• **TASK**: Would you reproduce the whole listing exactly, minus its images?

• **PROVIDED INFORMATION**:

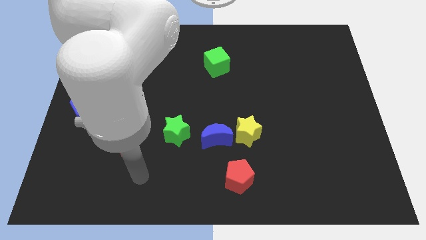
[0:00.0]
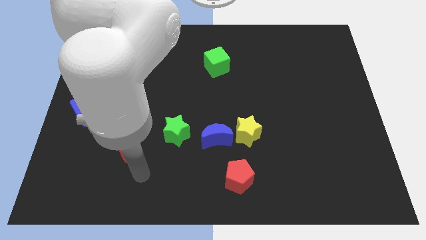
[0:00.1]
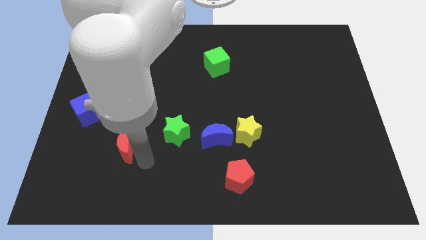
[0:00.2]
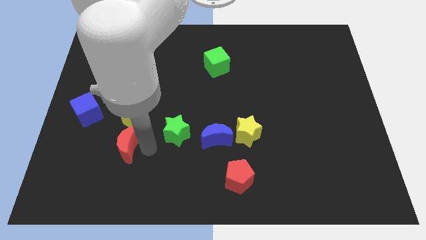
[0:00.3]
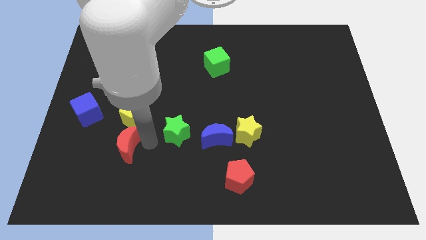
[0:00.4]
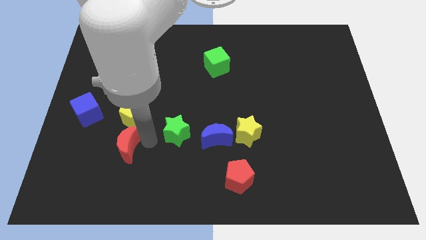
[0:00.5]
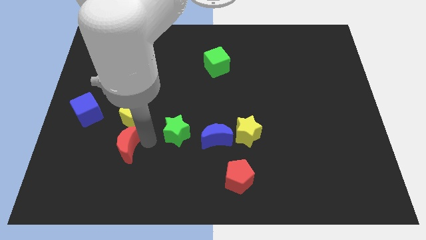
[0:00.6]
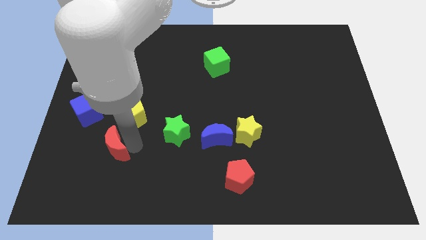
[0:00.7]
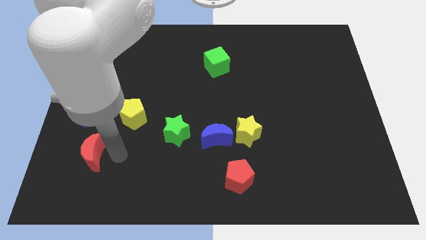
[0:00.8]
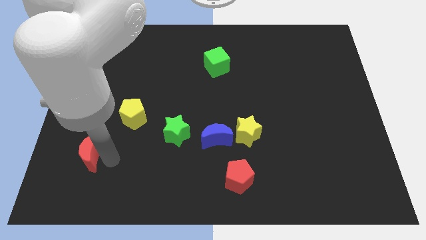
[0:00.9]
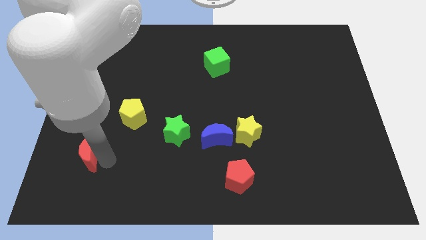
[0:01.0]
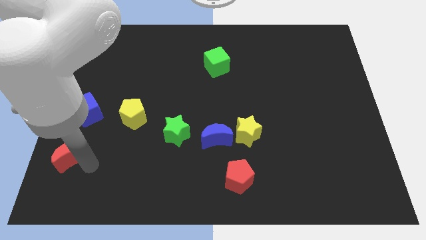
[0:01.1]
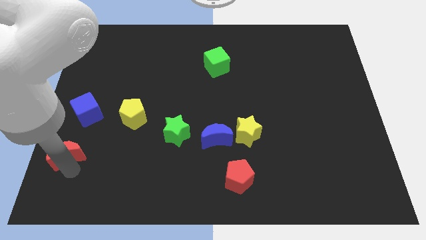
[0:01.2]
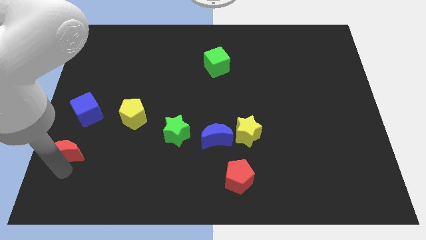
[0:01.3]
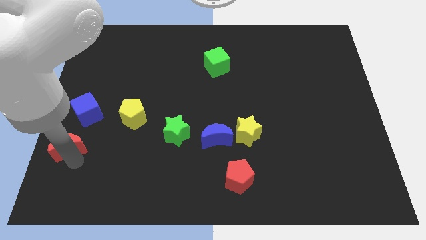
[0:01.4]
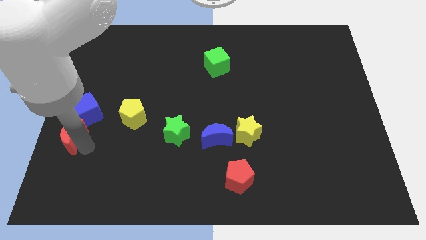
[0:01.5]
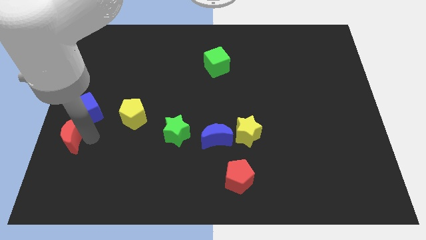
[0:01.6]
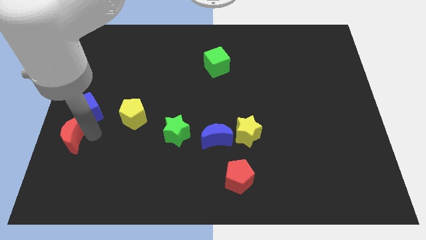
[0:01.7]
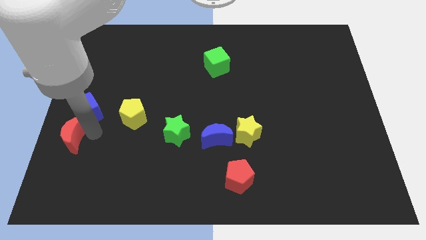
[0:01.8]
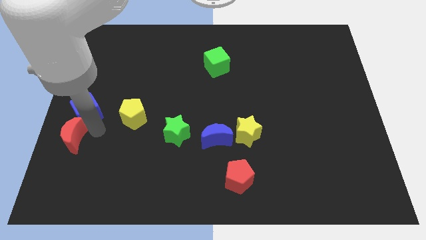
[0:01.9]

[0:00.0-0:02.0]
move the red crescent to the bottom side of the blue cube

• **SOLVED EXERCISE**:
[0:00.0]
[0:00.1]
[0:00.2]
[0:00.3]
[0:00.4]
[0:00.5]
[0:00.6]
[0:00.7]
[0:00.8]
[0:00.9]
[0:01.0]
[0:01.1]
[0:01.2]
[0:01.3]
[0:01.4]
[0:01.5]
[0:01.6]
[0:01.7]
[0:01.8]
[0:01.9]

[0:00.0-0:02.0]
move the red crescent to the bottom side of the blue cube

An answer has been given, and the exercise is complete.